• DATASET EXCERPTS:
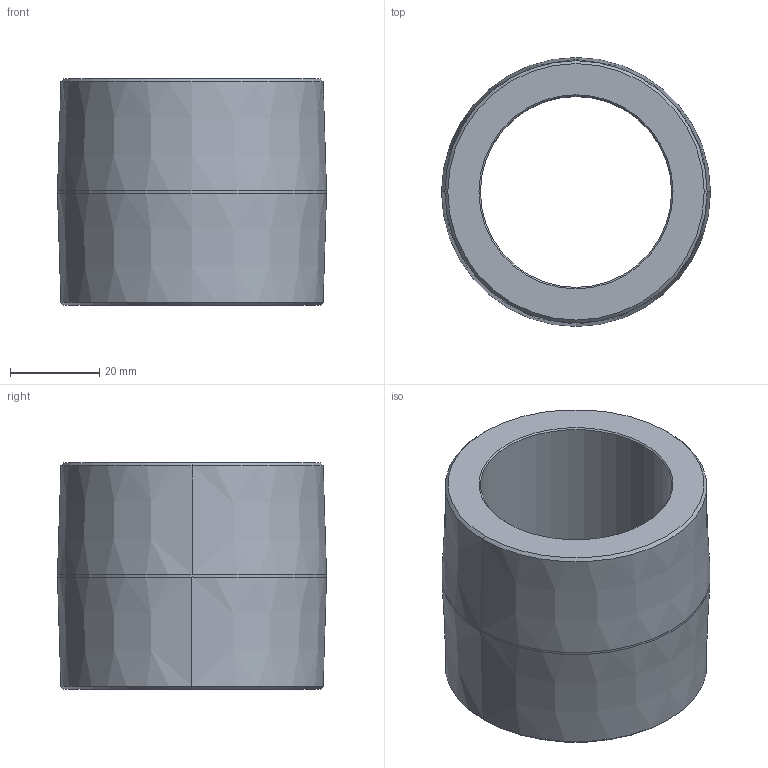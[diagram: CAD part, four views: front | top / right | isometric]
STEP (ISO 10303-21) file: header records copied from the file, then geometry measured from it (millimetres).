
FILE_DESCRIPTION (( 'STEP AP203' ), '1' );
FILE_NAME ('Close Nipple 2 in, Sch 160.STEP', '2025-05-09T01:41:36', '' );
FILE_SCHEMA (( 'CONFIG_CONTROL_DESIGN' ));
Length unit declared in the file: inch
Products named in the file (1): Close Nipple 2 in, Sch 160
Bounding box: 60.45 x 60.45 x 50.8 mm (x, y, z)
Volume: 68323.7 mm3; surface area: 18748 mm2
Topology: 1 solids, 1 shells, 18 faces, 36 edges, 20 vertices
Faces by surface type: cone 12, cylinder 4, plane 2
Entity records: 547 total; most frequent: DIRECTION 94, CARTESIAN_POINT 75, ORIENTED_EDGE 72, AXIS2_PLACEMENT_3D 39, EDGE_CURVE 36, CIRCLE 20, VERTEX_POINT 20, EDGE_LOOP 20
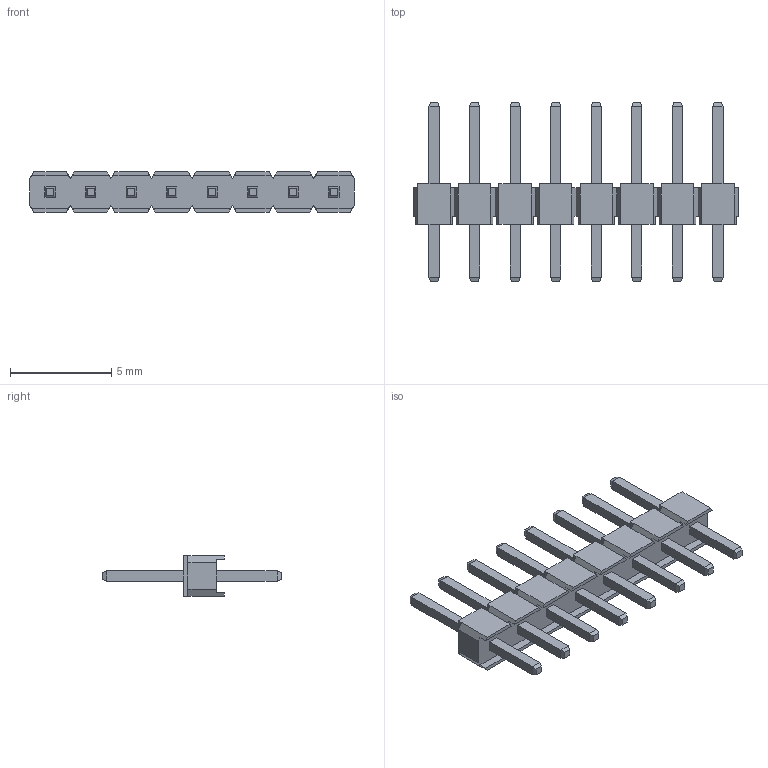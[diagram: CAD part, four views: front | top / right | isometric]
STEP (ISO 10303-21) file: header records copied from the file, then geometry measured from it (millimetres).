
FILE_DESCRIPTION (( 'STEP AP214' ), '1' );
FILE_NAME ('PLS2-8.STEP', '2011-05-17T11:13:13', ( 'vpeshkov' ), ( 'licard' ), 'SwSTEP 2.0', 'SolidWorks 2009', '' );
FILE_SCHEMA (( 'AUTOMOTIVE_DESIGN' ));
Length unit declared in the file: millimetre
Products named in the file (1): PLS2-8
Bounding box: 16 x 8.8 x 2 mm (x, y, z)
Volume: 64.4 mm3; surface area: 267.7 mm2
Topology: 1 solids, 1 shells, 260 faces, 630 edges, 388 vertices
Faces by surface type: plane 260
Entity records: 8924 total; most frequent: CARTESIAN_POINT 1279, ORIENTED_EDGE 1260, DIRECTION 1152, EDGE_CURVE 630, LINE 630, VECTOR 630, VERTEX_POINT 388, EDGE_LOOP 276
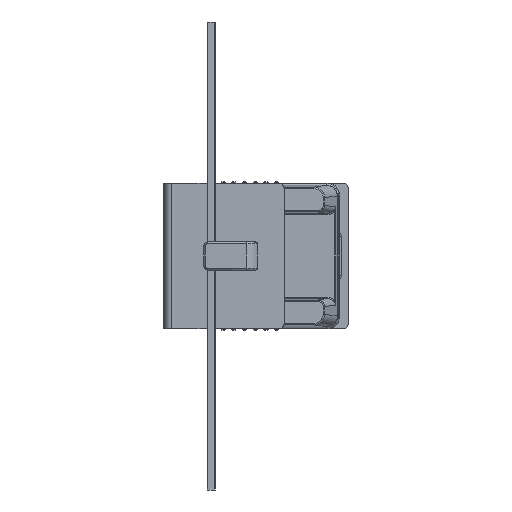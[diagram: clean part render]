
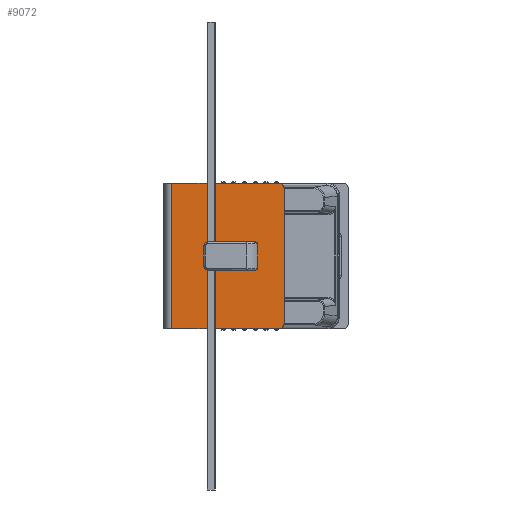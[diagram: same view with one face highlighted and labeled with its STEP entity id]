
A CAD part, left-side view. The second image highlights one B-rep face of the part: STEP entity #9072.
In plain terms, the highlighted planar face has unit normal (-1, 0, 0).
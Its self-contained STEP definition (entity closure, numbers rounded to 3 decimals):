
#17=FACE_BOUND('',#1338,.T.);
#400=PLANE('',#9738);
#866=FACE_OUTER_BOUND('',#1337,.T.);
#1337=EDGE_LOOP('',(#7933,#7934,#7935,#7936,#7937,#7938));
#1338=EDGE_LOOP('',(#7939,#7940,#7941,#7942,#7943,#7944,#7945,#7946));
#1379=CIRCLE('',#9139,1.5);
#1396=CIRCLE('',#9158,1.5);
#1407=CIRCLE('',#9173,0.6);
#1410=CIRCLE('',#9178,0.6);
#1537=CIRCLE('',#9711,2.);
#1538=CIRCLE('',#9714,2.);
#1572=LINE('',#12210,#2528);
#1583=LINE('',#12340,#2539);
#1612=LINE('',#12460,#2568);
#2453=LINE('',#15812,#3409);
#2454=LINE('',#15815,#3410);
#2457=LINE('',#15823,#3413);
#2460=LINE('',#15830,#3416);
#2461=LINE('',#15832,#3417);
#2528=VECTOR('',#9838,10.);
#2539=VECTOR('',#9873,10.);
#2568=VECTOR('',#9956,10.);
#3409=VECTOR('',#11839,10.);
#3410=VECTOR('',#11842,10.);
#3413=VECTOR('',#11851,10.);
#3416=VECTOR('',#11860,10.);
#3417=VECTOR('',#11863,10.);
#3559=VERTEX_POINT('',#12082);
#3560=VERTEX_POINT('',#12084);
#3585=VERTEX_POINT('',#12208);
#3610=VERTEX_POINT('',#12332);
#3612=VERTEX_POINT('',#12338);
#3630=VERTEX_POINT('',#12395);
#3633=VERTEX_POINT('',#12418);
#3634=VERTEX_POINT('',#12420);
#4291=VERTEX_POINT('',#15730);
#4296=VERTEX_POINT('',#15744);
#4297=VERTEX_POINT('',#15814);
#4298=VERTEX_POINT('',#15818);
#4299=VERTEX_POINT('',#15822);
#4300=VERTEX_POINT('',#15826);
#4350=EDGE_CURVE('',#3559,#3560,#1379,.F.);
#4377=EDGE_CURVE('',#3559,#3585,#1572,.T.);
#4403=EDGE_CURVE('',#3610,#3585,#1396,.F.);
#4406=EDGE_CURVE('',#3610,#3612,#1583,.T.);
#4431=EDGE_CURVE('',#3630,#3612,#1407,.F.);
#4436=EDGE_CURVE('',#3633,#3634,#1410,.F.);
#4458=EDGE_CURVE('',#3633,#3560,#1612,.T.);
#5507=EDGE_CURVE('',#4296,#4291,#2453,.T.);
#5508=EDGE_CURVE('',#4291,#4297,#2454,.T.);
#5510=EDGE_CURVE('',#4297,#4298,#1537,.T.);
#5512=EDGE_CURVE('',#4298,#4299,#2457,.T.);
#5514=EDGE_CURVE('',#4299,#4300,#1538,.T.);
#5516=EDGE_CURVE('',#4300,#4296,#2460,.T.);
#5517=EDGE_CURVE('',#3630,#3634,#2461,.T.);
#7933=ORIENTED_EDGE('',*,*,#5516,.F.);
#7934=ORIENTED_EDGE('',*,*,#5514,.F.);
#7935=ORIENTED_EDGE('',*,*,#5512,.F.);
#7936=ORIENTED_EDGE('',*,*,#5510,.F.);
#7937=ORIENTED_EDGE('',*,*,#5508,.F.);
#7938=ORIENTED_EDGE('',*,*,#5507,.F.);
#7939=ORIENTED_EDGE('',*,*,#4458,.T.);
#7940=ORIENTED_EDGE('',*,*,#4350,.F.);
#7941=ORIENTED_EDGE('',*,*,#4377,.T.);
#7942=ORIENTED_EDGE('',*,*,#4403,.F.);
#7943=ORIENTED_EDGE('',*,*,#4406,.T.);
#7944=ORIENTED_EDGE('',*,*,#4431,.F.);
#7945=ORIENTED_EDGE('',*,*,#5517,.T.);
#7946=ORIENTED_EDGE('',*,*,#4436,.F.);
#9072=ADVANCED_FACE('',(#866,#17),#400,.F.);
#9139=AXIS2_PLACEMENT_3D('',#12085,#9808,#9809);
#9158=AXIS2_PLACEMENT_3D('',#12334,#9866,#9867);
#9173=AXIS2_PLACEMENT_3D('',#12397,#9912,#9913);
#9178=AXIS2_PLACEMENT_3D('',#12421,#9923,#9924);
#9711=AXIS2_PLACEMENT_3D('',#15819,#11846,#11847);
#9714=AXIS2_PLACEMENT_3D('',#15827,#11855,#11856);
#9738=AXIS2_PLACEMENT_3D('',#15903,#11923,#11924);
#9808=DIRECTION('center_axis',(1.,0.,0.));
#9809=DIRECTION('ref_axis',(0.,0.707,-0.707));
#9838=DIRECTION('',(0.,0.,1.));
#9866=DIRECTION('center_axis',(1.,0.,0.));
#9867=DIRECTION('ref_axis',(0.,0.707,0.707));
#9873=DIRECTION('',(0.,-1.,0.));
#9912=DIRECTION('center_axis',(1.,0.,0.));
#9913=DIRECTION('ref_axis',(0.,-0.707,0.707));
#9923=DIRECTION('center_axis',(1.,0.,0.));
#9924=DIRECTION('ref_axis',(0.,-0.707,-0.707));
#9956=DIRECTION('',(0.,1.,0.));
#11839=DIRECTION('',(0.,0.,1.));
#11842=DIRECTION('',(0.,-1.,0.));
#11846=DIRECTION('center_axis',(1.,0.,0.));
#11847=DIRECTION('ref_axis',(0.,-0.707,0.707));
#11851=DIRECTION('',(0.,0.,-1.));
#11855=DIRECTION('center_axis',(1.,0.,0.));
#11856=DIRECTION('ref_axis',(0.,-0.707,-0.707));
#11860=DIRECTION('',(0.,1.,0.));
#11863=DIRECTION('',(0.,0.,-1.));
#11923=DIRECTION('center_axis',(1.,0.,0.));
#11924=DIRECTION('ref_axis',(0.,0.,-1.));
#12082=CARTESIAN_POINT('',(0.,-15.,-3.75));
#12084=CARTESIAN_POINT('',(0.,-16.5,-5.25));
#12085=CARTESIAN_POINT('Origin',(0.,-16.5,-3.75));
#12208=CARTESIAN_POINT('',(0.,-15.,3.75));
#12210=CARTESIAN_POINT('',(0.,-15.,-2.625));
#12332=CARTESIAN_POINT('',(0.,-16.5,5.25));
#12334=CARTESIAN_POINT('Origin',(0.,-16.5,3.75));
#12338=CARTESIAN_POINT('',(0.,-34.5,5.25));
#12340=CARTESIAN_POINT('',(0.,-6.68,5.25));
#12395=CARTESIAN_POINT('',(0.,-35.1,4.65));
#12397=CARTESIAN_POINT('Origin',(0.,-34.5,4.65));
#12418=CARTESIAN_POINT('',(0.,-34.5,-5.25));
#12420=CARTESIAN_POINT('',(0.,-35.1,-4.65));
#12421=CARTESIAN_POINT('Origin',(0.,-34.5,
-4.65));
#12460=CARTESIAN_POINT('',(0.,-1.655,-5.25));
#15730=CARTESIAN_POINT('',(0.,-3.,27.25));
#15744=CARTESIAN_POINT('',(0.,-3.,-27.25));
#15812=CARTESIAN_POINT('',(0.,-3.,0.));
#15814=CARTESIAN_POINT('',(0.,-43.,27.25));
#15815=CARTESIAN_POINT('',(0.,-45.,27.25));
#15818=CARTESIAN_POINT('',(0.,-45.,25.25));
#15819=CARTESIAN_POINT('Origin',(0.,-43.,25.25));
#15822=CARTESIAN_POINT('',(0.,-45.,-25.25));
#15823=CARTESIAN_POINT('',(0.,-45.,-27.25));
#15826=CARTESIAN_POINT('',(0.,-43.,-27.25));
#15827=CARTESIAN_POINT('Origin',(0.,-43.,-25.25));
#15830=CARTESIAN_POINT('',(0.,22.479,-27.25));
#15832=CARTESIAN_POINT('',(0.,-35.1,2.125));
#15903=CARTESIAN_POINT('Origin',(0.,21.74,
0.));
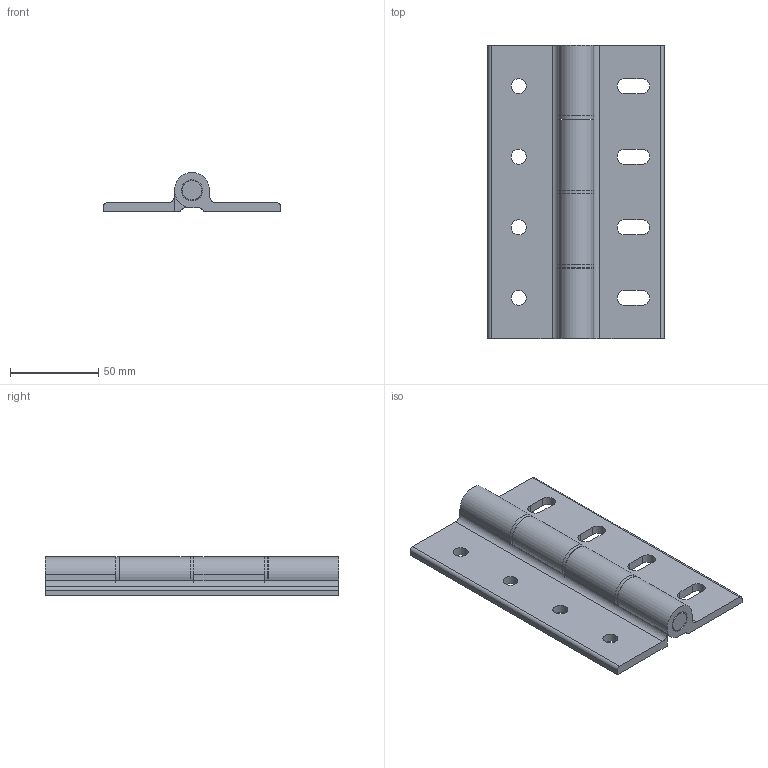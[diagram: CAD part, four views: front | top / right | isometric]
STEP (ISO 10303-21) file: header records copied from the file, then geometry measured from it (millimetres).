
FILE_DESCRIPTION((''),'2;1');
FILE_NAME('SZ0766N_A.stp','2013-08-27T10:16:26',('janine behrens'),(''),'Autodesk Inventor 2012','Autodesk Inventor 2012','');
FILE_SCHEMA(('AUTOMOTIVE_DESIGN { 1 0 10303 214 1 1 1 1 }'));
Length unit declared in the file: millimetre
Products named in the file (5): SZ0766N_A; ME1200066-A; ME1200057_A; ME1200065_A; ME1200050_A
Assembly tree (6 placements, depth 2):
  SZ0766N_A
    ME1200066-A
    ME1200057_A
    ME1200065_A
    ME1200050_A  x3
Bounding box: 100 x 166 x 22 mm (x, y, z)
Volume: 119826.7 mm3; surface area: 56698.3 mm2
Topology: 6 solids, 6 shells, 91 faces, 223 edges, 144 vertices
Faces by surface type: plane 44, cylinder 42, torus 3, cone 2
Full cylindrical faces by diameter (mm): 8.5 x4, 11.5 x3, 12 x8, 20 x3
Entity records: 2640 total; most frequent: DIRECTION 458, CARTESIAN_POINT 422, ORIENTED_EDGE 384, EDGE_CURVE 192, AXIS2_PLACEMENT_3D 172, VERTEX_POINT 136, EDGE_LOOP 128, VECTOR 114
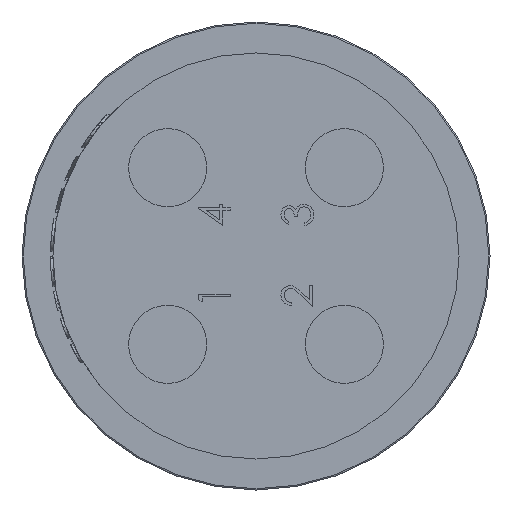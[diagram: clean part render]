
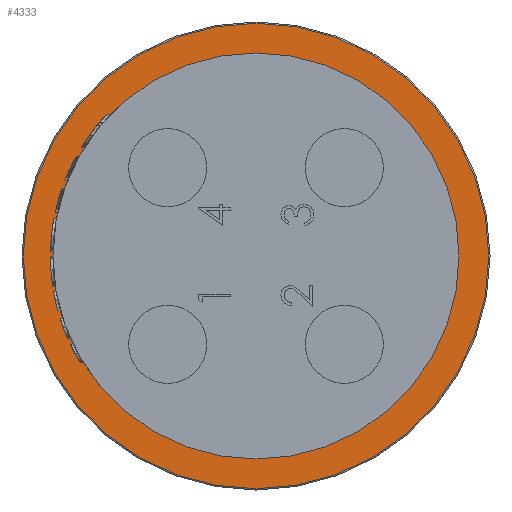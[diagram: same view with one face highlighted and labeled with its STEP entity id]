
A CAD part, left-side view. The second image highlights one B-rep face of the part: STEP entity #4333.
In plain terms, the highlighted planar face has unit normal (-1, 0, 0).
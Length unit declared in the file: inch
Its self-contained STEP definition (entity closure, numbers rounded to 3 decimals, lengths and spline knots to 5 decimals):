
#331=FACE_BOUND('',#1357,.T.);
#1102=FACE_OUTER_BOUND('',#1356,.T.);
#1356=EDGE_LOOP('',(#3379,#3380));
#1357=EDGE_LOOP('',(#3381,#3382));
#1572=CIRCLE('',#4656,0.932);
#1573=CIRCLE('',#4657,0.932);
#1574=CIRCLE('',#4658,0.813);
#1575=CIRCLE('',#4659,0.813);
#1924=VERTEX_POINT('',#9524);
#1925=VERTEX_POINT('',#9525);
#1926=VERTEX_POINT('',#9528);
#1927=VERTEX_POINT('',#9529);
#2483=EDGE_CURVE('',#1924,#1925,#1572,.T.);
#2484=EDGE_CURVE('',#1925,#1924,#1573,.T.);
#2485=EDGE_CURVE('',#1926,#1927,#1574,.T.);
#2486=EDGE_CURVE('',#1927,#1926,#1575,.T.);
#3379=ORIENTED_EDGE('',*,*,#2483,.F.);
#3380=ORIENTED_EDGE('',*,*,#2484,.F.);
#3381=ORIENTED_EDGE('',*,*,#2485,.T.);
#3382=ORIENTED_EDGE('',*,*,#2486,.T.);
#4100=PLANE('',#4655);
#4333=ADVANCED_FACE('',(#1102,#331),#4100,.F.);
#4655=AXIS2_PLACEMENT_3D('',#9523,#5391,#5392);
#4656=AXIS2_PLACEMENT_3D('',#9526,#5393,#5394);
#4657=AXIS2_PLACEMENT_3D('',#9527,#5395,#5396);
#4658=AXIS2_PLACEMENT_3D('',#9530,#5397,#5398);
#4659=AXIS2_PLACEMENT_3D('',#9531,#5399,#5400);
#5391=DIRECTION('center_axis',(1.,0.,0.));
#5392=DIRECTION('ref_axis',(0.,-1.,0.));
#5393=DIRECTION('center_axis',(1.,0.,0.));
#5394=DIRECTION('ref_axis',(0.,-1.,0.));
#5395=DIRECTION('center_axis',(1.,0.,0.));
#5396=DIRECTION('ref_axis',(0.,-1.,0.));
#5397=DIRECTION('center_axis',(1.,0.,0.));
#5398=DIRECTION('ref_axis',(0.,-1.,0.));
#5399=DIRECTION('center_axis',(1.,0.,0.));
#5400=DIRECTION('ref_axis',(0.,-1.,0.));
#9523=CARTESIAN_POINT('Origin',(-1.175,0.813,0.));
#9524=CARTESIAN_POINT('',(-1.175,-0.932,0.));
#9525=CARTESIAN_POINT('',(-1.175,0.932,0.));
#9526=CARTESIAN_POINT('Origin',(-1.175,0.,0.));
#9527=CARTESIAN_POINT('Origin',(-1.175,0.,0.));
#9528=CARTESIAN_POINT('',(-1.175,-0.813,0.));
#9529=CARTESIAN_POINT('',(-1.175,0.813,0.));
#9530=CARTESIAN_POINT('Origin',(-1.175,0.,0.));
#9531=CARTESIAN_POINT('Origin',(-1.175,0.,0.));

• WHAT YOU ARE ASKED TO DO: Work out how many lines in the material contain the string "rounded", then write that number and nothing more.

• SOLUTION FOR THIS TASK: 2